= Manilal Balabhai Nanavati =

Indian executive

Manilal Balabhai Nanavati was an Indian social worker and freedom fighter who served as the Deputy Governor of the Reserve Bank of India.

== Early life ==
He was born in Bombay (now Mumbai) and educated at the university there. Her sister was Chandulal Nanavati. He was a co-author of the seminal book, The Indian Rural Problem.

== Career ==
=== Reserve Bank of India ===
He served as the Deputy Governor of the Reserve Bank of India from 21 December 1936, to 21 December 1941.

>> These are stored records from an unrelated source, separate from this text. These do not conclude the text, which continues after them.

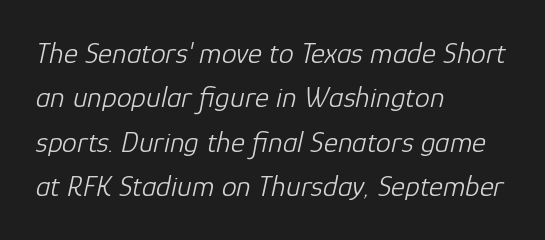
Q: Is the text bold? A: No.
Q: Is the text italic (slanted)? A: Yes, it leans right by about 12 degrees.
Q: Is the text underlined? A: No.
Q: How is the paragraph aligned? A: Left-aligned.
Q: Is the spacing between letters normal or unusually wide? A: Normal.
Q: Is the spacing between lines tight, normal or loose? A: Normal.
Q: Width (condensed, normal, or wide)? A: Normal.
Q: Stroke contrast? A: Low.
Q: x-height? A: Medium.
Q: Monospaced? A: No.
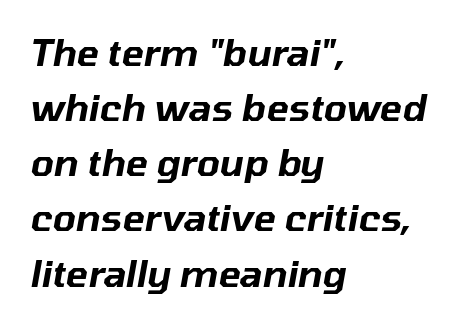
{"italic": "yes", "lean": "right", "slant_degrees": 10, "width": "normal", "stroke_contrast": "low", "x_height": "medium", "monospaced": "no", "underline": "no", "align": "left", "line_spacing": "normal", "line_spacing_ratio": 1.49, "letter_spacing": "normal", "letter_spacing_em": 0.0, "glyph_px": 37}
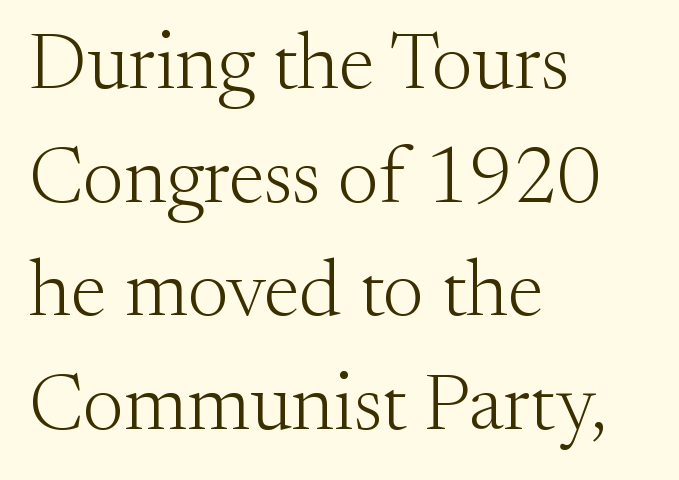
The image shows 80 px light serif type, upright; set left-aligned, normal line spacing (1.42x), normal letter spacing, not underlined; medium stroke contrast and a small x-height.
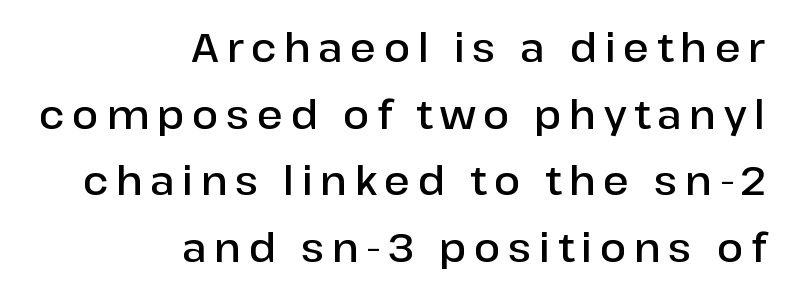
Q: Is the text bold? A: Semi-bold.
Q: Is the text italic (slanted)? A: No, it is upright.
Q: Is the typeface a serif or a sans-serif typeface? A: Sans-serif.
Q: Is the text underlined? A: No.
Q: How is the paragraph aligned? A: Right-aligned.
Q: Width (condensed, normal, or wide)? A: Normal.
Q: Stroke contrast? A: Low.
Q: x-height? A: Medium.
Q: Monospaced? A: No.
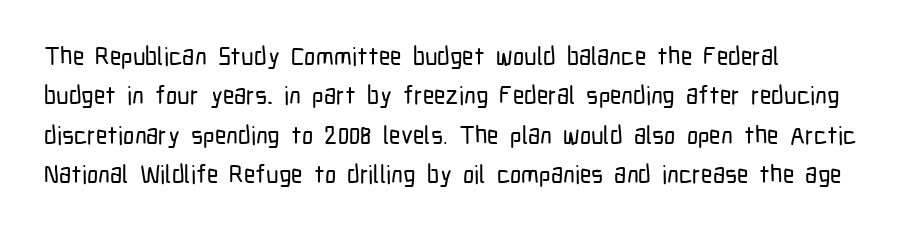
The letters stand straight up with perfectly vertical stems. The line-height multiplier appears to be the usual default. The string is rendered with underlining switched off. Students, note that the glyphs here touch the page at normal intervals.
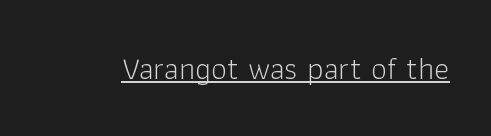
The image shows 32 px light sans-serif type, upright; set normal letter spacing, underlined; low stroke contrast and a medium x-height.
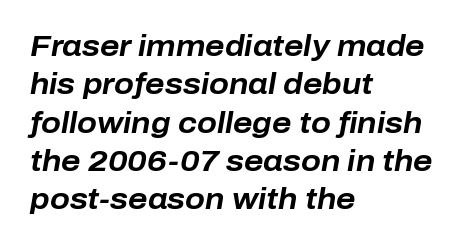
The image shows 29 px bold type, italic (leaning right); set left-aligned, normal line spacing (1.32x), normal letter spacing, not underlined; low stroke contrast and a medium x-height.
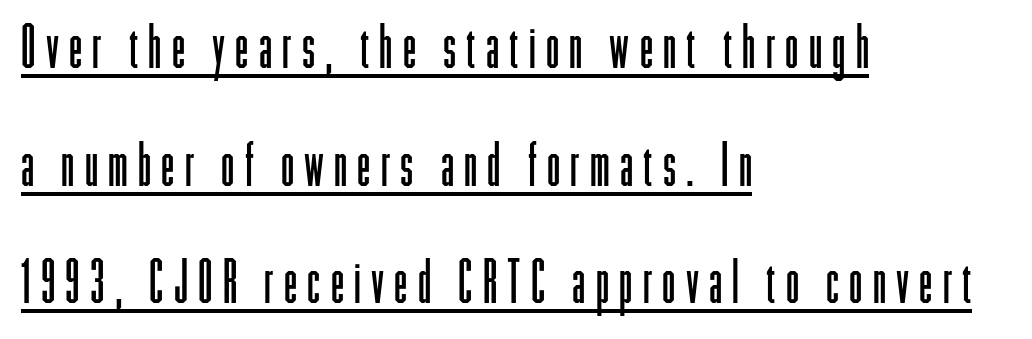
What's the leading like? Stretched, with rows far apart. These lines are composed in type without serifs. Summary of weight: not heavy and not bold. Ascenders rise straight up at ninety degrees. In designer terms, the underline attribute is active on this setting.
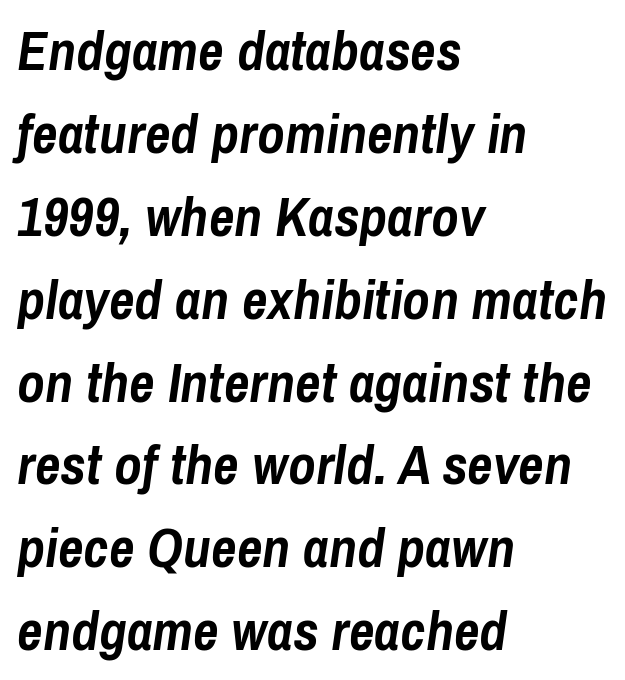
The image shows 56 px semibold, condensed type, italic (leaning right); set left-aligned, normal line spacing (1.48x), normal letter spacing, not underlined; low stroke contrast and a medium x-height.
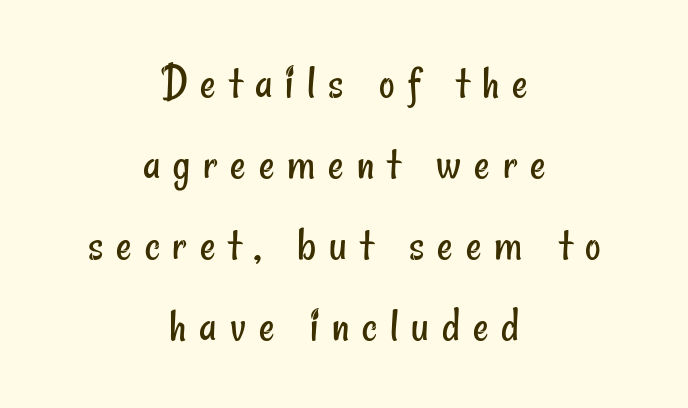
The image shows 48 px regular-weight, condensed sans-serif type; set centered, normal line spacing (1.69x), unusually wide letter spacing (+0.27 em), not underlined; low stroke contrast and a small x-height.
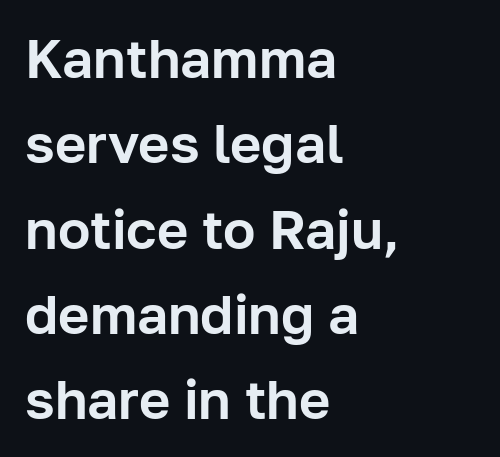
{"serif": "no", "italic": "no", "width": "normal", "stroke_contrast": "low", "x_height": "medium", "monospaced": "no", "underline": "no", "align": "left", "line_spacing": "normal", "line_spacing_ratio": 1.58, "letter_spacing": "normal", "letter_spacing_em": 0.0, "glyph_px": 54}
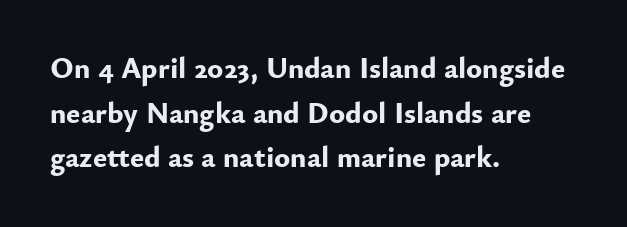
The image shows 30 px bold sans-serif type, upright; set left-aligned, normal line spacing (1.49x), normal letter spacing, not underlined; low stroke contrast and a small x-height.
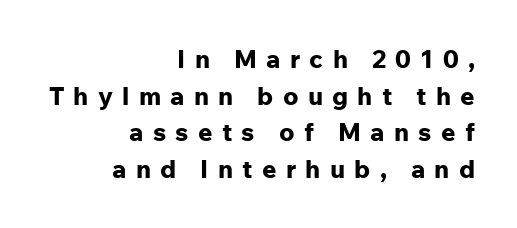
The image shows 25 px bold type, upright; set right-aligned, normal line spacing (1.47x), unusually wide letter spacing (+0.37 em), not underlined.
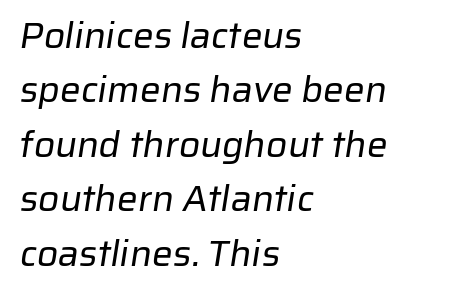
Q: Is the text bold? A: No.
Q: Is the typeface a serif or a sans-serif typeface? A: Sans-serif.
Q: Is the text underlined? A: No.
Q: How is the paragraph aligned? A: Left-aligned.
Q: Is the spacing between letters normal or unusually wide? A: Normal.
Q: Is the spacing between lines tight, normal or loose? A: Normal.
Q: Width (condensed, normal, or wide)? A: Normal.
Q: Stroke contrast? A: Low.
Q: x-height? A: Medium.
Q: Monospaced? A: No.
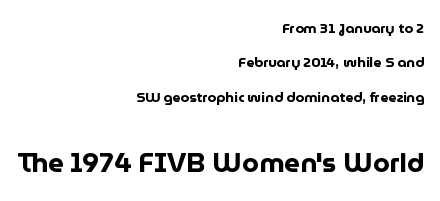
Q: Is the text bold? A: Yes.
Q: Is the text italic (slanted)? A: No, it is upright.
Q: Is the text underlined? A: No.
Q: How is the paragraph aligned? A: Right-aligned.
Q: Is the spacing between letters normal or unusually wide? A: Normal.
Q: Is the spacing between lines tight, normal or loose? A: Loose.
Q: Which block of text is set in a larger size, the first (top) or the second (bottom)? A: The second (bottom) one.
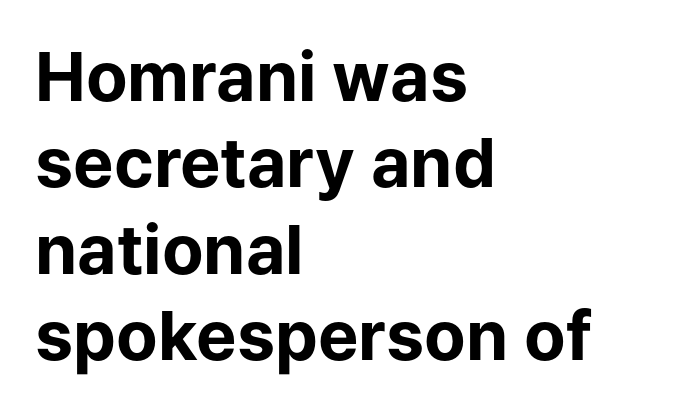
The zone under the glyphs is completely vacant. Standard letterfit; no display-style spreading of the glyphs. Its strokes are broad and dark, the hallmark of bold type. Is this a fixed-width face? No — the glyphs have proportional, varying widths.
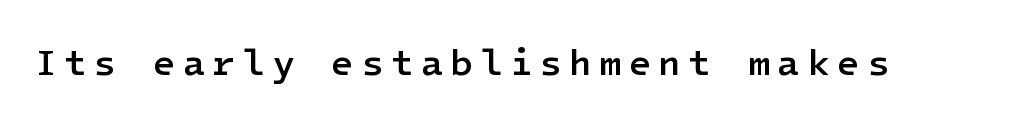
Upright lettering throughout. The letters carry no serifs — their stems end cleanly without finishing strokes. The typesetting leans somewhat heavy: a semibold. Words float on clear page, feet unadorned.

=== Dr Balabhai Nanavati Hospital ===
He founded Nanavati Hospital, located in Vile Parle, Mumbai, which was inaugurated by Jawaharlal Nehru in November 1950, and opened in May 1951. Dr. Balabhai Nanavati Hospital was later taken over by the Radiant Group.

== Bibliography ==
His notable books include:
- Rural life problems; personal experiences
- Group prejudices in India; a symposium
- Fifty years of co-operation in Kodinar Taluka, a case study
- Report on the agricultural indebtedness in the Baroda state

== Awards and honours ==
He was awarded a knighthood by King George VI at the 1941 Birthday Honours in 1941.